### THE PROBLEM
Print out each record below, unaltered and complete, without its images.

○ ○ ○ ○ ○

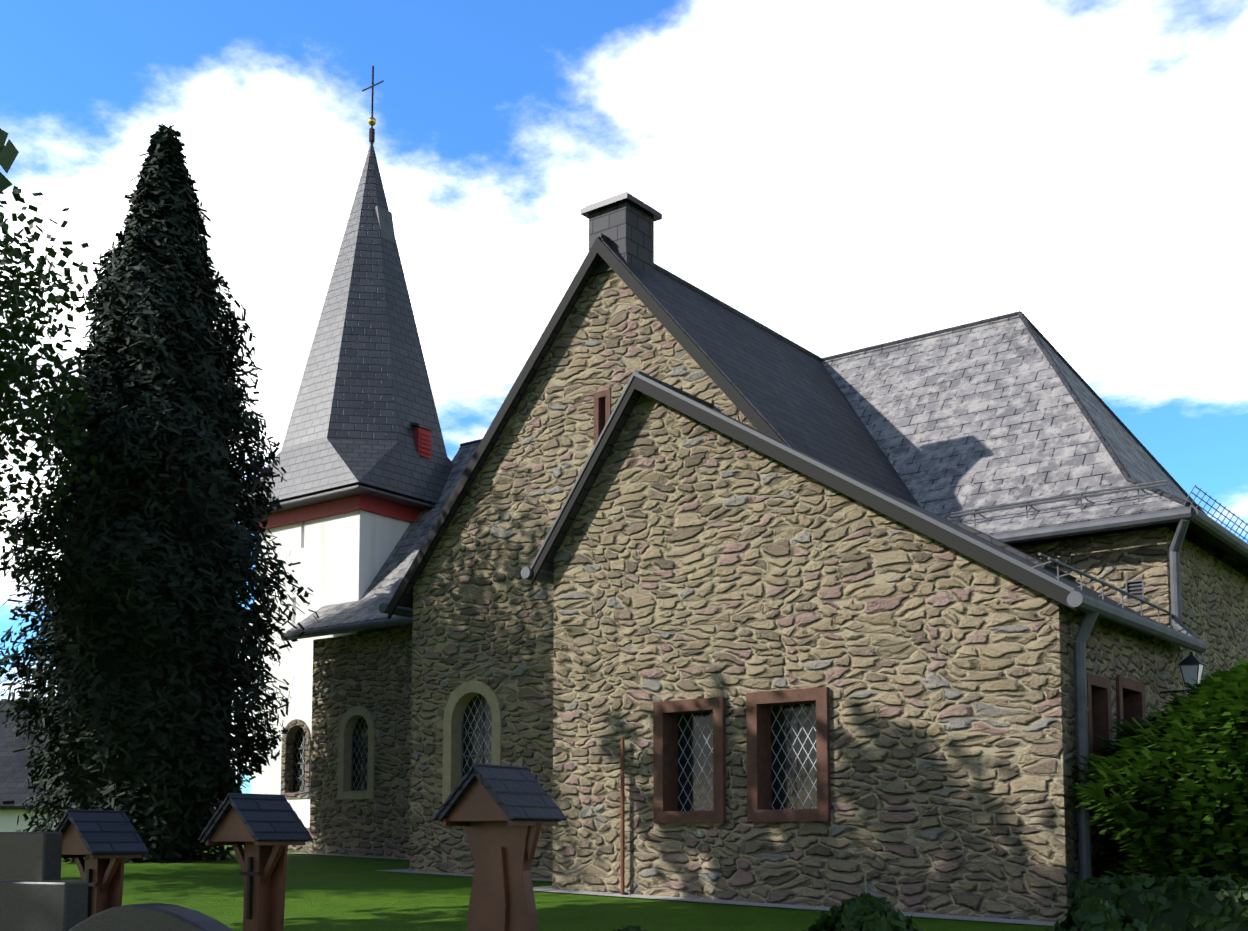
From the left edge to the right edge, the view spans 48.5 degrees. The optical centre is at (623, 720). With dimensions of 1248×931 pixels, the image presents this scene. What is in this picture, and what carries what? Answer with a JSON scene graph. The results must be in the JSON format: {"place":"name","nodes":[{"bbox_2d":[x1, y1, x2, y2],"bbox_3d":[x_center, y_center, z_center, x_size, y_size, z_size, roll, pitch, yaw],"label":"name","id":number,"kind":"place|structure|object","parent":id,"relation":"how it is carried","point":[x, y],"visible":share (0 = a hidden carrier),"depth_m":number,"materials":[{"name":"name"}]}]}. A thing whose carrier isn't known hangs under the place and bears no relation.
{"place":"outdoors","nodes":[
{"label":"outdoors","id":0,"kind":"place"},
{"bbox_2d":[251,510,412,827],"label":"tower walls","id":1,"kind":"structure","parent":0,"point":[342,557],"depth_m":22.67,"materials":[{"name":"white paint"}]},
{"bbox_2d":[236,66,453,515],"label":"steeple roof","id":2,"kind":"structure","parent":1,"relation":"on","point":[364,419],"depth_m":23.19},
{"bbox_2d":[61,845,1053,930],"bbox_3d":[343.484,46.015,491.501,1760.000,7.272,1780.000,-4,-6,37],"label":"lawn","id":3,"kind":"structure","parent":0,"point":[333,893],"depth_m":12.99,"materials":[{"name":"green plant"}]},
{"bbox_2d":[0,128,18,193],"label":"leaves","id":4,"kind":"object","parent":3,"relation":"on","point":[9,151],"visible":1,"depth_m":10.55,"materials":[{"name":"green plant"}]},
{"bbox_2d":[0,880,87,930],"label":"gravestone","id":5,"kind":"object","parent":3,"relation":"on","point":[38,905],"visible":1,"depth_m":6.25,"materials":[{"name":"stone"}]},
{"bbox_2d":[0,832,61,880],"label":"gravestone","id":6,"kind":"object","parent":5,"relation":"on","point":[30,855],"visible":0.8,"depth_m":8.68,"materials":[{"name":"stone"}]},
{"bbox_2d":[0,186,109,557],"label":"tree","id":7,"kind":"object","parent":3,"relation":"on","point":[13,371],"visible":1,"depth_m":16.82,"materials":[{"name":"green plant"}]},
{"bbox_2d":[54,809,148,917],"bbox_3d":[-3.708,1.201,9.693,0.573,1.150,0.464,-3,-6,32],"label":"grave marker","id":8,"kind":"object","parent":3,"relation":"on","point":[104,843],"visible":0.83,"depth_m":9.65,"materials":[{"name":"brown wood"}]},
{"bbox_2d":[0,700,237,845],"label":"distant house","id":9,"kind":"structure","parent":3,"relation":"on","point":[14,784],"depth_m":45.62,"materials":[{"name":"white"}]},
{"bbox_2d":[68,903,232,930],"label":"gravestone","id":10,"kind":"object","parent":3,"relation":"on","point":[153,917],"visible":1,"depth_m":5.26,"materials":[{"name":"stone"}]},
{"bbox_2d":[0,123,319,863],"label":"conifer tree","id":11,"kind":"object","parent":3,"relation":"on","point":[150,647],"visible":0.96,"depth_m":18.79,"materials":[{"name":"green plant"}]},
{"bbox_2d":[198,793,312,930],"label":"grave marker","id":12,"kind":"object","parent":3,"relation":"on","point":[265,830],"visible":1,"depth_m":8.96,"materials":[{"name":"brown wood"}]},
{"bbox_2d":[433,763,566,930],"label":"grave marker","id":13,"kind":"object","parent":3,"relation":"on","point":[502,814],"visible":1,"depth_m":7.55,"materials":[{"name":"brown wood"}]},
{"bbox_2d":[409,258,756,878],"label":"transept walls","id":14,"kind":"structure","parent":3,"relation":"on","point":[483,610],"depth_m":16.32,"materials":[{"name":"stone"}]},
{"bbox_2d":[613,925,645,930],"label":"bush","id":15,"kind":"object","parent":3,"relation":"on","point":[632,928],"visible":1,"depth_m":7.36,"materials":[{"name":"green plant"}]},
{"bbox_2d":[294,853,1060,925],"bbox_3d":[-1.068,1.818,16.115,2.479,0.483,13.768,3,-6,-31],"label":"gravel strip","id":16,"kind":"object","parent":3,"relation":"on","point":[546,888],"visible":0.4,"depth_m":12.78,"materials":[{"name":"grey gravel"}]},
{"bbox_2d":[258,389,1247,894],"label":"building trim","id":17,"kind":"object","parent":3,"relation":"on","point":[788,753],"visible":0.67,"depth_m":13.42,"materials":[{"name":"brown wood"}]},
{"bbox_2d":[309,527,1247,857],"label":"nave walls","id":18,"kind":"structure","parent":3,"relation":"on","point":[371,673],"depth_m":20.57,"materials":[{"name":"stone"}]},
{"bbox_2d":[802,892,923,930],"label":"bush","id":19,"kind":"object","parent":3,"relation":"on","point":[864,911],"visible":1,"depth_m":7.80,"materials":[{"name":"green plant"}]},
{"bbox_2d":[552,393,1188,921],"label":"annex walls","id":20,"kind":"structure","parent":3,"relation":"on","point":[694,559],"depth_m":12.52,"materials":[{"name":"stone"}]},
{"bbox_2d":[1046,896,1153,930],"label":"bush","id":21,"kind":"object","parent":3,"relation":"on","point":[1093,913],"visible":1,"depth_m":7.82,"materials":[{"name":"green plant"}]},
{"bbox_2d":[1067,658,1247,879],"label":"thuja bush","id":22,"kind":"object","parent":3,"relation":"on","point":[1184,812],"visible":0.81,"depth_m":10.49,"materials":[{"name":"green plant"}]},
{"bbox_2d":[1069,874,1247,930],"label":"hedge","id":23,"kind":"object","parent":3,"relation":"on","point":[1189,903],"visible":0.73,"depth_m":9.18,"materials":[{"name":"green plant"}]},
{"bbox_2d":[0,0,1247,793],"label":"sky","id":24,"kind":"structure","parent":0,"point":[842,176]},
{"bbox_2d":[286,233,1247,632],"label":"church roofs","id":25,"kind":"structure","parent":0,"point":[928,433],"depth_m":16.41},
{"bbox_2d":[580,192,661,277],"bbox_3d":[-0.030,-5.418,16.104,0.680,1.095,0.680,-4,-6,37],"label":"chimney","id":26,"kind":"object","parent":25,"relation":"on","point":[624,222],"visible":0.69,"depth_m":15.90,"materials":[{"name":"stone"}]}
]}

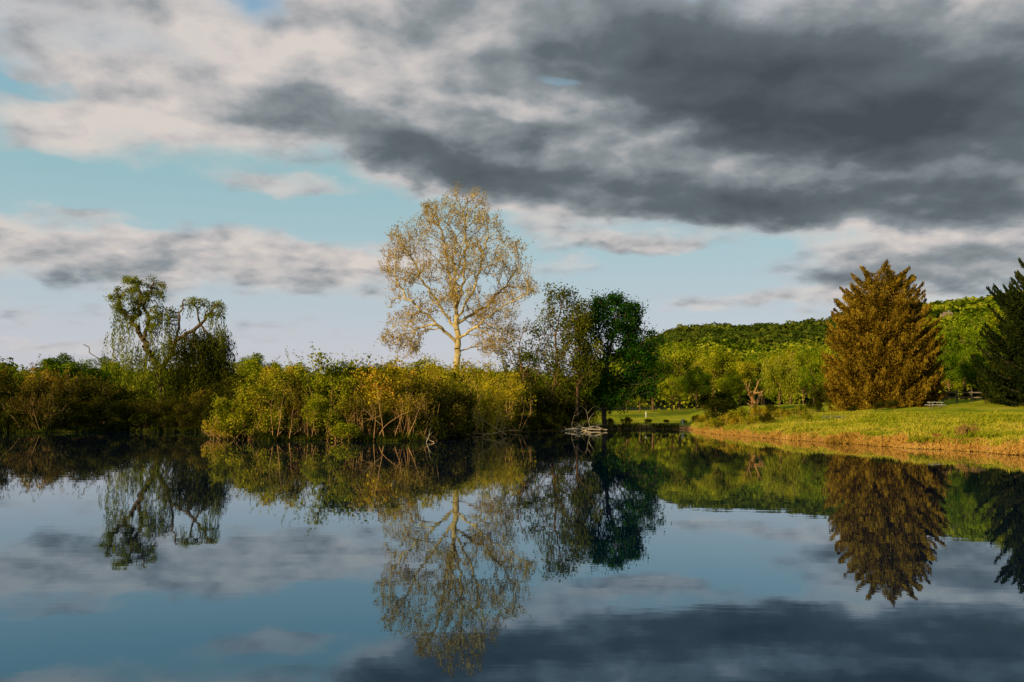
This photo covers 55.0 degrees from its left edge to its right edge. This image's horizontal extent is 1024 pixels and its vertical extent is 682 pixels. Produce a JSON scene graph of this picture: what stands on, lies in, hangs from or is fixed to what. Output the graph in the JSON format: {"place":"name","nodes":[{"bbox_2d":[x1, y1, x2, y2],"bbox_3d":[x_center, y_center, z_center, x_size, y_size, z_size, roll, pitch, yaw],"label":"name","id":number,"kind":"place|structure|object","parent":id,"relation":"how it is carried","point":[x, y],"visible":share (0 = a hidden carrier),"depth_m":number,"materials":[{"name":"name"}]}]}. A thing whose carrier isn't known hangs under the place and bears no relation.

○ ○ ○ ○ ○

### EXERCISE SOLUTION
From the left edge to the right edge, the view spans 48.5 degrees. The optical centre is at (623, 720). With dimensions of 1248×931 pixels, the image presents this scene. What is in this picture, and what carries what? Answer with a JSON scene graph. The results must be in the JSON format: {"place":"name","nodes":[{"bbox_2d":[x1, y1, x2, y2],"bbox_3d":[x_center, y_center, z_center, x_size, y_size, z_size, roll, pitch, yaw],"label":"name","id":number,"kind":"place|structure|object","parent":id,"relation":"how it is carried","point":[x, y],"visible":share (0 = a hidden carrier),"depth_m":number,"materials":[{"name":"name"}]}]}. A thing whose carrier isn't known hangs under the place and bears no relation.
{"place":"outdoors","nodes":[
{"label":"outdoors","id":0,"kind":"place"},
{"bbox_2d":[251,510,412,827],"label":"tower walls","id":1,"kind":"structure","parent":0,"point":[342,557],"depth_m":22.67,"materials":[{"name":"white paint"}]},
{"bbox_2d":[236,66,453,515],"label":"steeple roof","id":2,"kind":"structure","parent":1,"relation":"on","point":[364,419],"depth_m":23.19},
{"bbox_2d":[61,845,1053,930],"bbox_3d":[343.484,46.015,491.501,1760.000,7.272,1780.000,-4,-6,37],"label":"lawn","id":3,"kind":"structure","parent":0,"point":[333,893],"depth_m":12.99,"materials":[{"name":"green plant"}]},
{"bbox_2d":[0,128,18,193],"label":"leaves","id":4,"kind":"object","parent":3,"relation":"on","point":[9,151],"visible":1,"depth_m":10.55,"materials":[{"name":"green plant"}]},
{"bbox_2d":[0,880,87,930],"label":"gravestone","id":5,"kind":"object","parent":3,"relation":"on","point":[38,905],"visible":1,"depth_m":6.25,"materials":[{"name":"stone"}]},
{"bbox_2d":[0,832,61,880],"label":"gravestone","id":6,"kind":"object","parent":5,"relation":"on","point":[30,855],"visible":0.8,"depth_m":8.68,"materials":[{"name":"stone"}]},
{"bbox_2d":[0,186,109,557],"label":"tree","id":7,"kind":"object","parent":3,"relation":"on","point":[13,371],"visible":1,"depth_m":16.82,"materials":[{"name":"green plant"}]},
{"bbox_2d":[54,809,148,917],"bbox_3d":[-3.708,1.201,9.693,0.573,1.150,0.464,-3,-6,32],"label":"grave marker","id":8,"kind":"object","parent":3,"relation":"on","point":[104,843],"visible":0.83,"depth_m":9.65,"materials":[{"name":"brown wood"}]},
{"bbox_2d":[0,700,237,845],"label":"distant house","id":9,"kind":"structure","parent":3,"relation":"on","point":[14,784],"depth_m":45.62,"materials":[{"name":"white"}]},
{"bbox_2d":[68,903,232,930],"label":"gravestone","id":10,"kind":"object","parent":3,"relation":"on","point":[153,917],"visible":1,"depth_m":5.26,"materials":[{"name":"stone"}]},
{"bbox_2d":[0,123,319,863],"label":"conifer tree","id":11,"kind":"object","parent":3,"relation":"on","point":[150,647],"visible":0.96,"depth_m":18.79,"materials":[{"name":"green plant"}]},
{"bbox_2d":[198,793,312,930],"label":"grave marker","id":12,"kind":"object","parent":3,"relation":"on","point":[265,830],"visible":1,"depth_m":8.96,"materials":[{"name":"brown wood"}]},
{"bbox_2d":[433,763,566,930],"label":"grave marker","id":13,"kind":"object","parent":3,"relation":"on","point":[502,814],"visible":1,"depth_m":7.55,"materials":[{"name":"brown wood"}]},
{"bbox_2d":[409,258,756,878],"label":"transept walls","id":14,"kind":"structure","parent":3,"relation":"on","point":[483,610],"depth_m":16.32,"materials":[{"name":"stone"}]},
{"bbox_2d":[613,925,645,930],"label":"bush","id":15,"kind":"object","parent":3,"relation":"on","point":[632,928],"visible":1,"depth_m":7.36,"materials":[{"name":"green plant"}]},
{"bbox_2d":[294,853,1060,925],"bbox_3d":[-1.068,1.818,16.115,2.479,0.483,13.768,3,-6,-31],"label":"gravel strip","id":16,"kind":"object","parent":3,"relation":"on","point":[546,888],"visible":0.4,"depth_m":12.78,"materials":[{"name":"grey gravel"}]},
{"bbox_2d":[258,389,1247,894],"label":"building trim","id":17,"kind":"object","parent":3,"relation":"on","point":[788,753],"visible":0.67,"depth_m":13.42,"materials":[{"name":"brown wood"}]},
{"bbox_2d":[309,527,1247,857],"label":"nave walls","id":18,"kind":"structure","parent":3,"relation":"on","point":[371,673],"depth_m":20.57,"materials":[{"name":"stone"}]},
{"bbox_2d":[802,892,923,930],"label":"bush","id":19,"kind":"object","parent":3,"relation":"on","point":[864,911],"visible":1,"depth_m":7.80,"materials":[{"name":"green plant"}]},
{"bbox_2d":[552,393,1188,921],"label":"annex walls","id":20,"kind":"structure","parent":3,"relation":"on","point":[694,559],"depth_m":12.52,"materials":[{"name":"stone"}]},
{"bbox_2d":[1046,896,1153,930],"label":"bush","id":21,"kind":"object","parent":3,"relation":"on","point":[1093,913],"visible":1,"depth_m":7.82,"materials":[{"name":"green plant"}]},
{"bbox_2d":[1067,658,1247,879],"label":"thuja bush","id":22,"kind":"object","parent":3,"relation":"on","point":[1184,812],"visible":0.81,"depth_m":10.49,"materials":[{"name":"green plant"}]},
{"bbox_2d":[1069,874,1247,930],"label":"hedge","id":23,"kind":"object","parent":3,"relation":"on","point":[1189,903],"visible":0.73,"depth_m":9.18,"materials":[{"name":"green plant"}]},
{"bbox_2d":[0,0,1247,793],"label":"sky","id":24,"kind":"structure","parent":0,"point":[842,176]},
{"bbox_2d":[286,233,1247,632],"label":"church roofs","id":25,"kind":"structure","parent":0,"point":[928,433],"depth_m":16.41},
{"bbox_2d":[580,192,661,277],"bbox_3d":[-0.030,-5.418,16.104,0.680,1.095,0.680,-4,-6,37],"label":"chimney","id":26,"kind":"object","parent":25,"relation":"on","point":[624,222],"visible":0.69,"depth_m":15.90,"materials":[{"name":"stone"}]}
]}

This photo covers 55.0 degrees from its left edge to its right edge. This image's horizontal extent is 1024 pixels and its vertical extent is 682 pixels. Produce a JSON scene graph of this picture: what stands on, lies in, hangs from or is fixed to what. Output the graph in the JSON format: {"place":"name","nodes":[{"bbox_2d":[x1, y1, x2, y2],"bbox_3d":[x_center, y_center, z_center, x_size, y_size, z_size, roll, pitch, yaw],"label":"name","id":number,"kind":"place|structure|object","parent":id,"relation":"how it is carried","point":[x, y],"visible":share (0 = a hidden carrier),"depth_m":number,"materials":[{"name":"name"}]}]}. A thing whose carrier isn't known hangs under the place and bears no relation.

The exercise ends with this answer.